As he traveled eastward he behaved strangely, drinking heavily and taking pills; twice he tried to kill himself, and on September 11, 1809, he wrote out his last will and testament. At Fort Pickering (present site of Memphis, Tennessee) Major James Neelly, the army’s agent to the Chickasaws, agreed to accompany Lewis to Washington. But on October 10, 1809, Lewis with two servants went on ahead of Neelly and that evening stopped at an inn seventy miles west of Nashville. Sometime later that night he shot himself twice, and, failing to kill himself, cut himself with a razor. Lewis begged the servants to shoot him, but they refused and shortly after sunrise on October 11, 1809, he died of his wounds. He was thirty-five.

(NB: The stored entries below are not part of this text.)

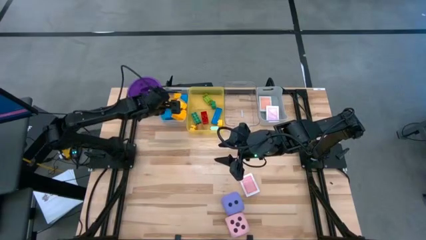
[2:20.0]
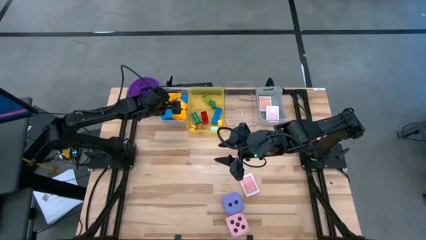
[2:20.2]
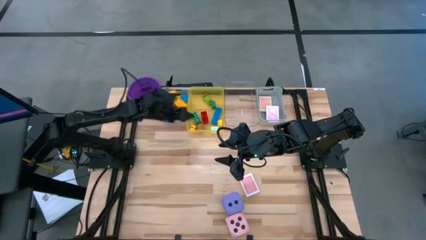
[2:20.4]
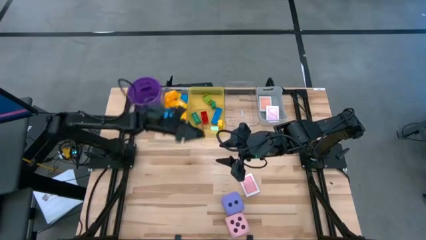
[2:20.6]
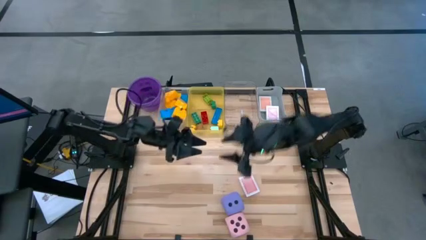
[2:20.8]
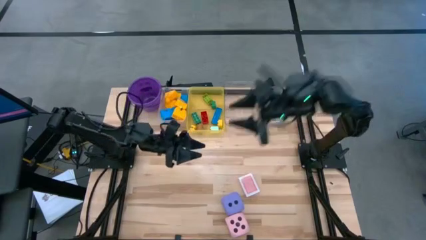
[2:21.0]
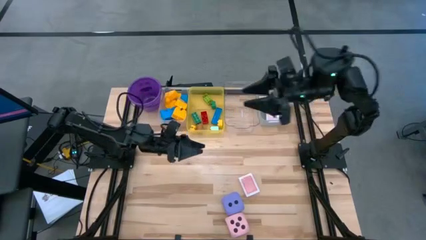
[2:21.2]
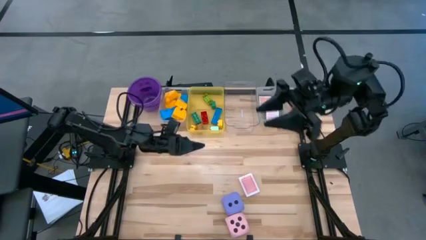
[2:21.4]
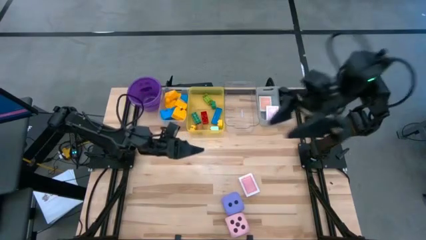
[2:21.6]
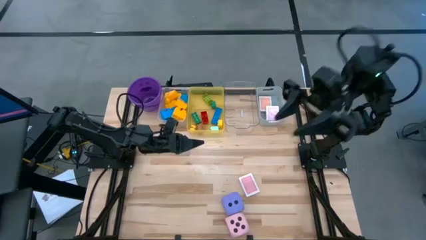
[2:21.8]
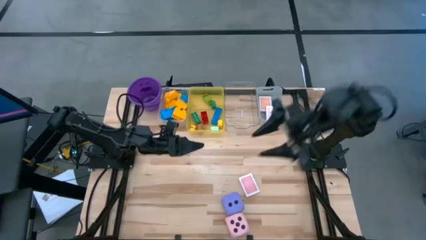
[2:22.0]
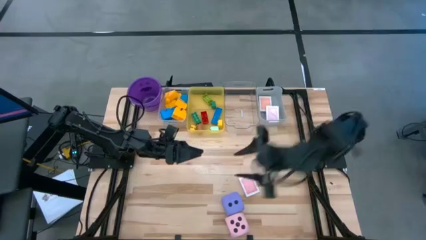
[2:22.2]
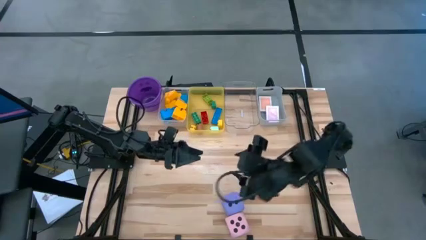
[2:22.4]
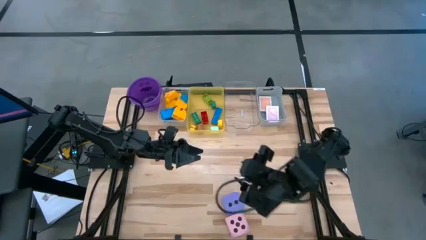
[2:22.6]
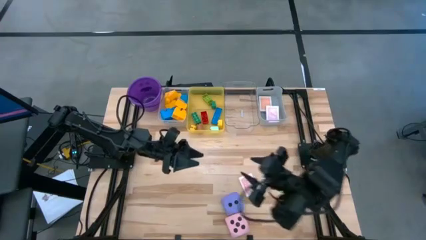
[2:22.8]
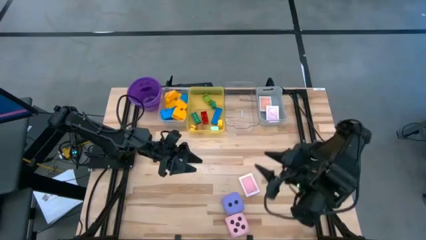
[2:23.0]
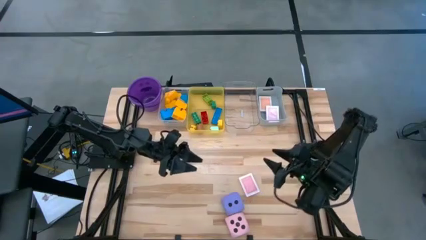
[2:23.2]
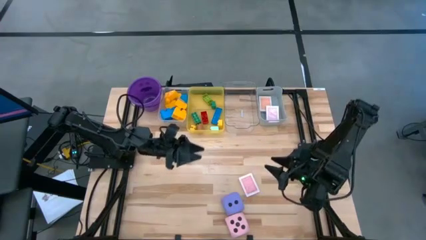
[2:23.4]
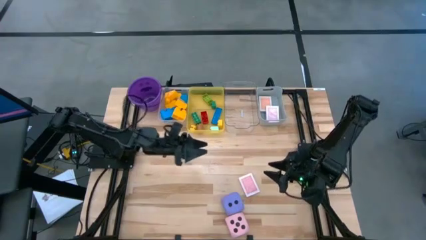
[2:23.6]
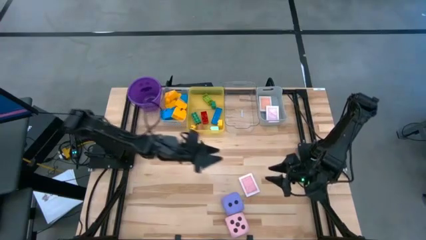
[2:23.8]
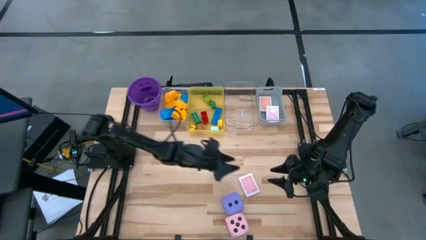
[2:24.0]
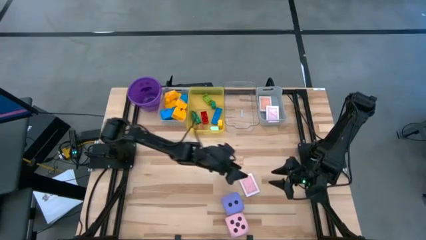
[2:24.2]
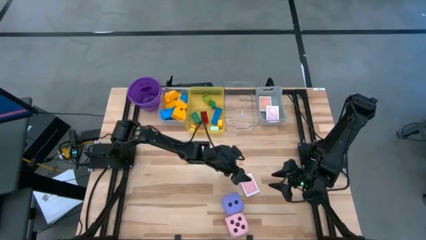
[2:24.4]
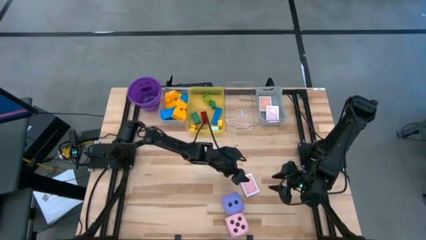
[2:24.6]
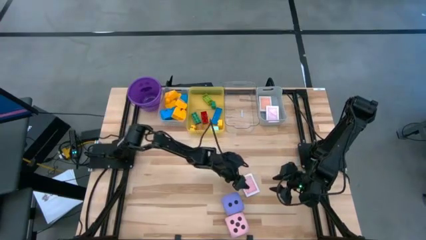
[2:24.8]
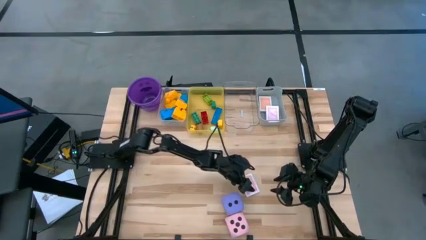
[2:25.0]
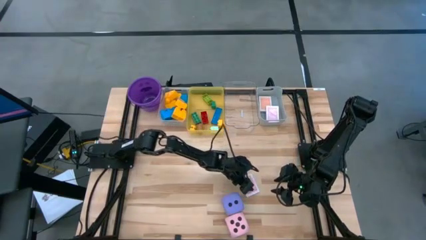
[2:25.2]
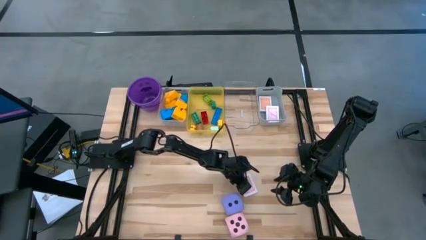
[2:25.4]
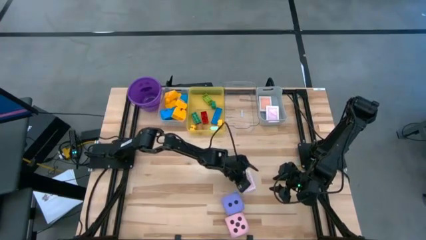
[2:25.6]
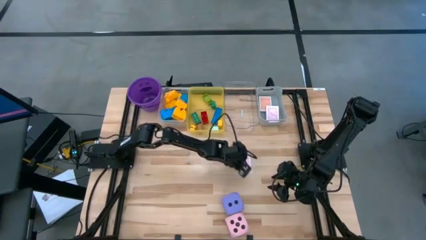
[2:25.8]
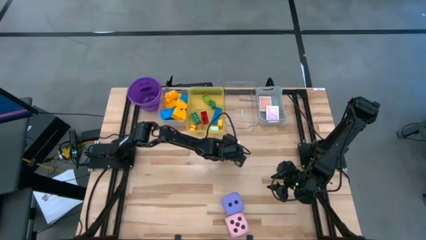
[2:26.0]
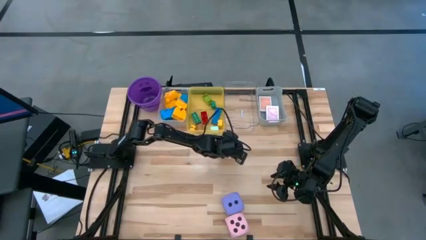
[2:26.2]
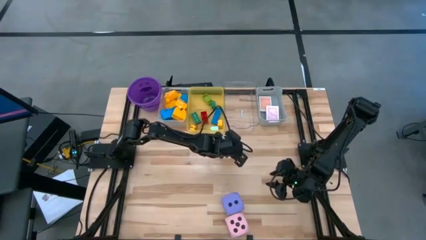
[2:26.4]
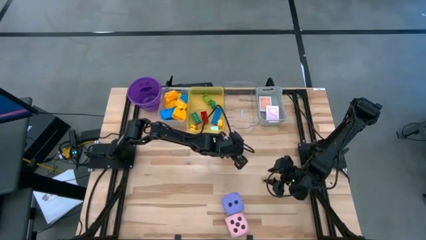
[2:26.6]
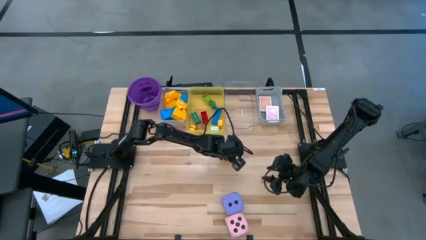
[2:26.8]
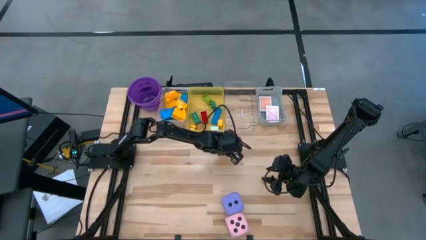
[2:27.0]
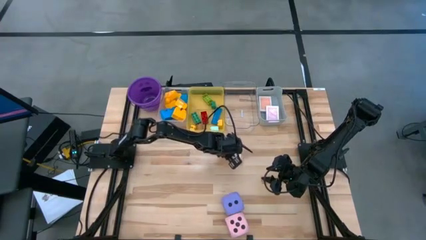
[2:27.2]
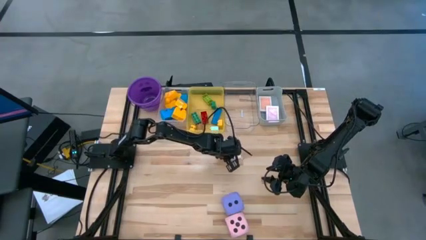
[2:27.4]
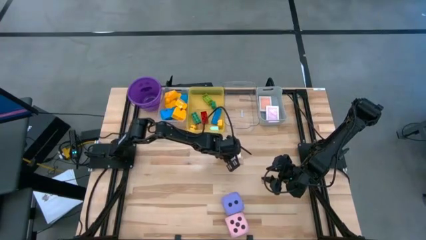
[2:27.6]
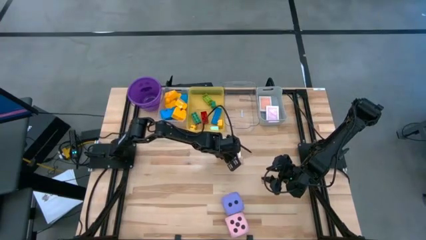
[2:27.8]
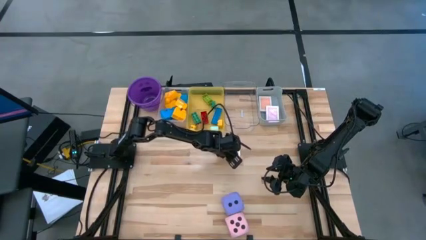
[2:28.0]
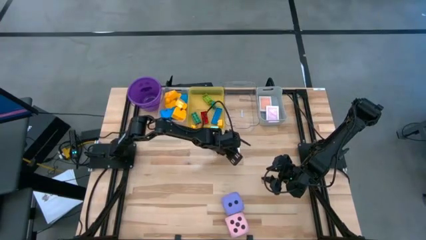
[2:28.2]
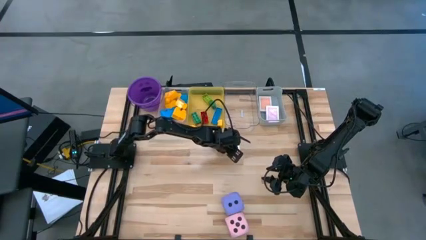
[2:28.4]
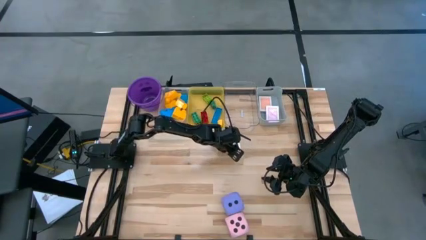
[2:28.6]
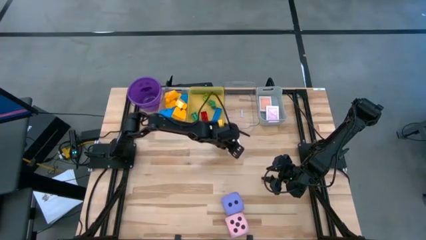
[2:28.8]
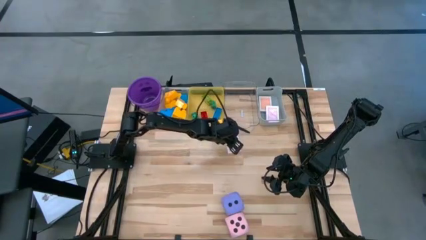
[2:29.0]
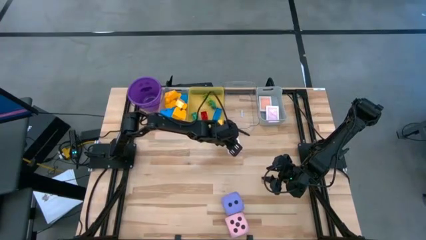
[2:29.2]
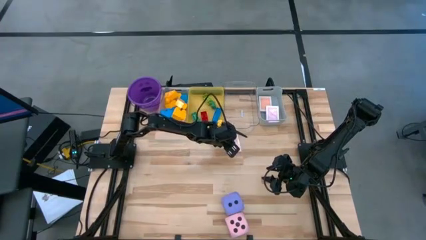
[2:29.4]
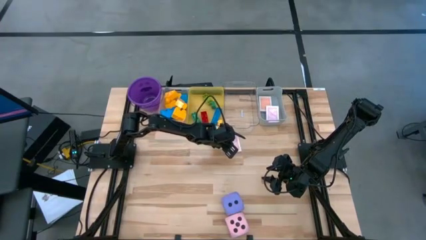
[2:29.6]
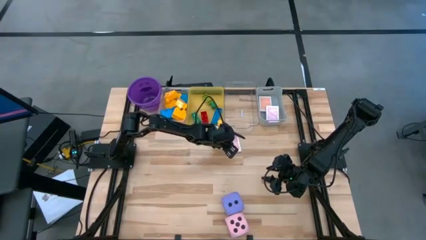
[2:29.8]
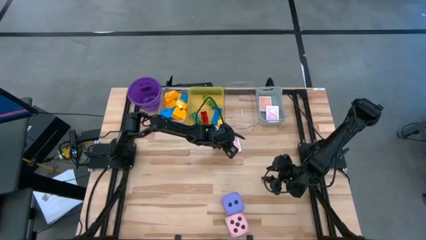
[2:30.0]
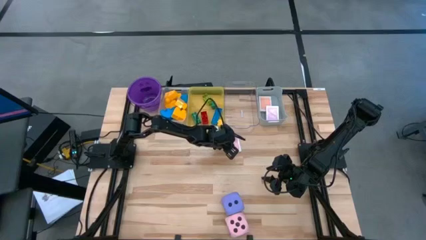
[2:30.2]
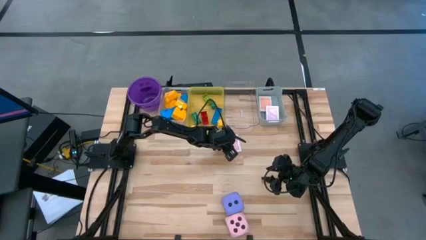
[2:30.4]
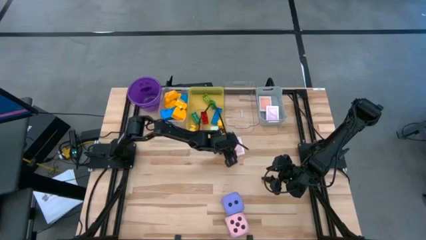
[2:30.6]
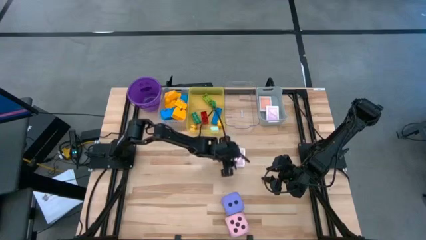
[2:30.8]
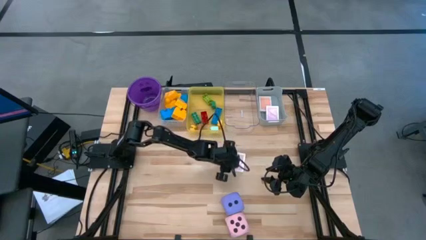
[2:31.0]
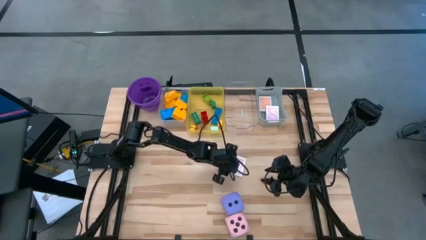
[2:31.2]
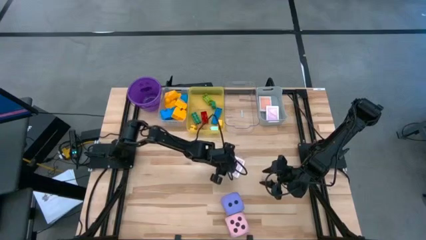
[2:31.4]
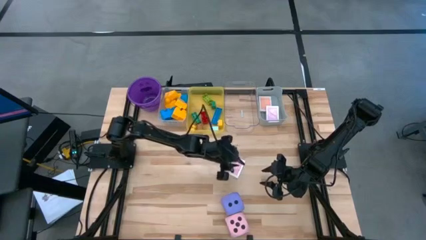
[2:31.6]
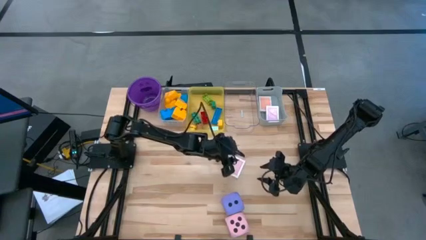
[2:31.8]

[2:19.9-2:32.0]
Task: Pick & Place Toys
Put the red deck of cards into the gray bin

This strange end has sparked a great deal of historical controversy and a number of charges of conspiracy and murder. The most recent is a 1994 book by the late David Leon Chandler, The Jefferson Conspiracies: A President’s Role in the Assassination of Meriwether Lewis, whose descriptions of hidden designs involving Jefferson and General James Wilkinson put even the elaborate concoctions of Oliver Stone to shame.1 Ambrose quite rightly dismisses these imagined murder plots (neither Clark nor Jefferson doubted that Lewis had killed himself), and concludes that the really “great mystery of Lewis’s life” is why he did not prepare the journals for publication.

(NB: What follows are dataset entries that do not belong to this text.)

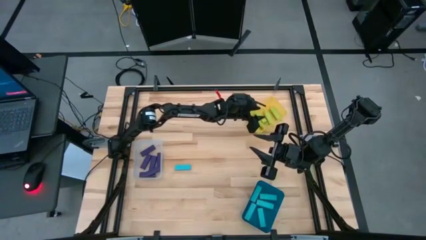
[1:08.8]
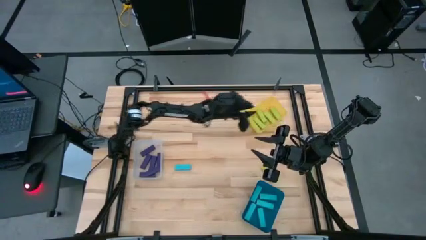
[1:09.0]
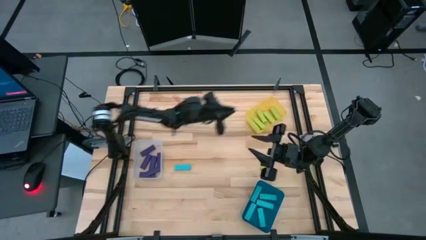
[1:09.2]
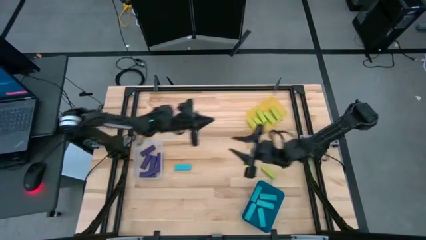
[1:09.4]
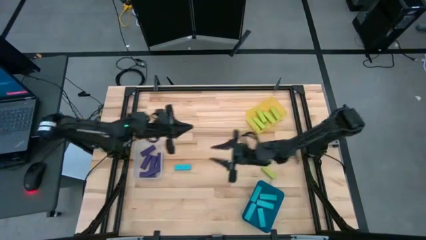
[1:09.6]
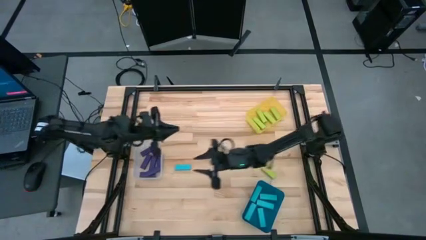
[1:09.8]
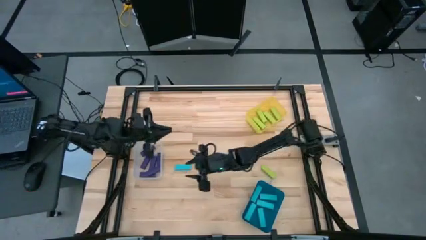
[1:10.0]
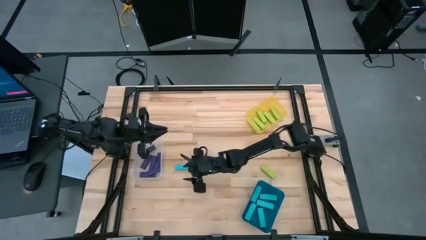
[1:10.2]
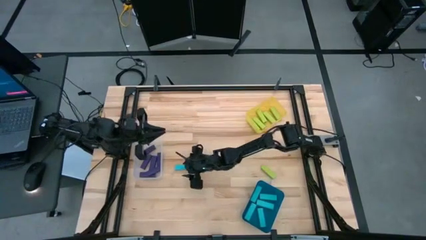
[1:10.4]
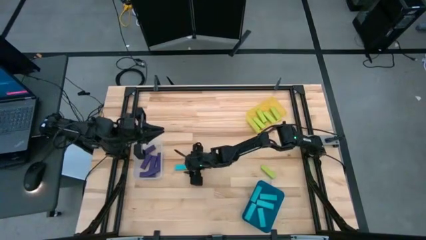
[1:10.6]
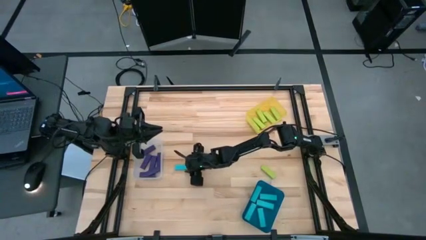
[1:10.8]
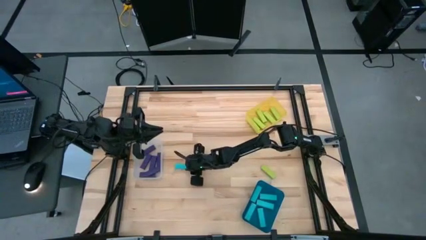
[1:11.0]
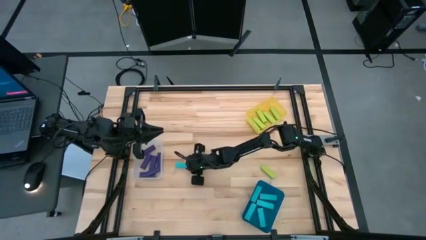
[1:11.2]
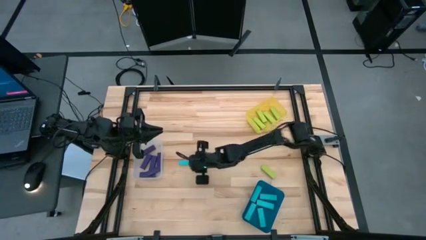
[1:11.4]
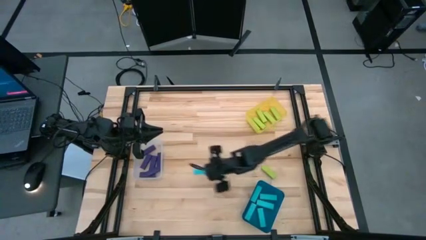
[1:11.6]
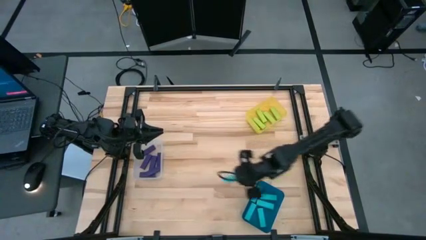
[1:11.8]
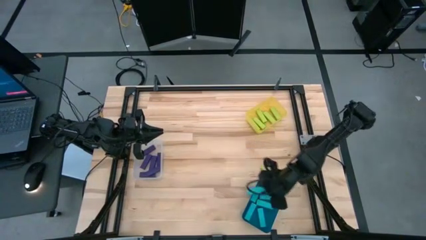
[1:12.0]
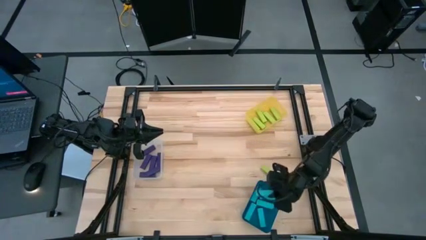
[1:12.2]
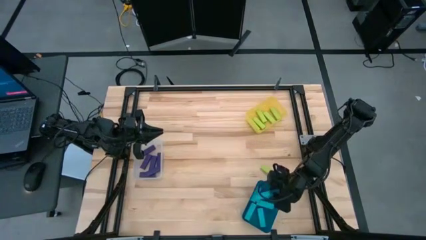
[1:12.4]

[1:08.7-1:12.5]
Task: Sort blocks
Put the light blue block into the blue bin

Clark tried to pick up the pieces, and he persuaded young Nicholas Biddle to edit the journals. In 1814 Biddle published a narrative account of the journey that omitted most of the material on the flora and fauna. Because Biddle’s History of the Expedition Under the Commands of Captains Lewis and Clark was for the next ninety years the only printed account of the expedition based on the journals, Lewis and Clark received no credit for most of their discoveries in nature.2 Others renamed the plants, animals, birds, and rivers that they had discovered and named, and these later names, not Lewis’s and Clark’s, were the ones that survived. By failing to publish the journals, says Ambrose, in a bit of hyperbole, “Lewis had cheated himself out of a rank not far below Darwin as a naturalist.” But he remains, in Ambrose’s opinion, “the greatest of all American explorers, and in the top rank of world explorers.” This may not be true, but Ambrose’s book has at least made it seem so.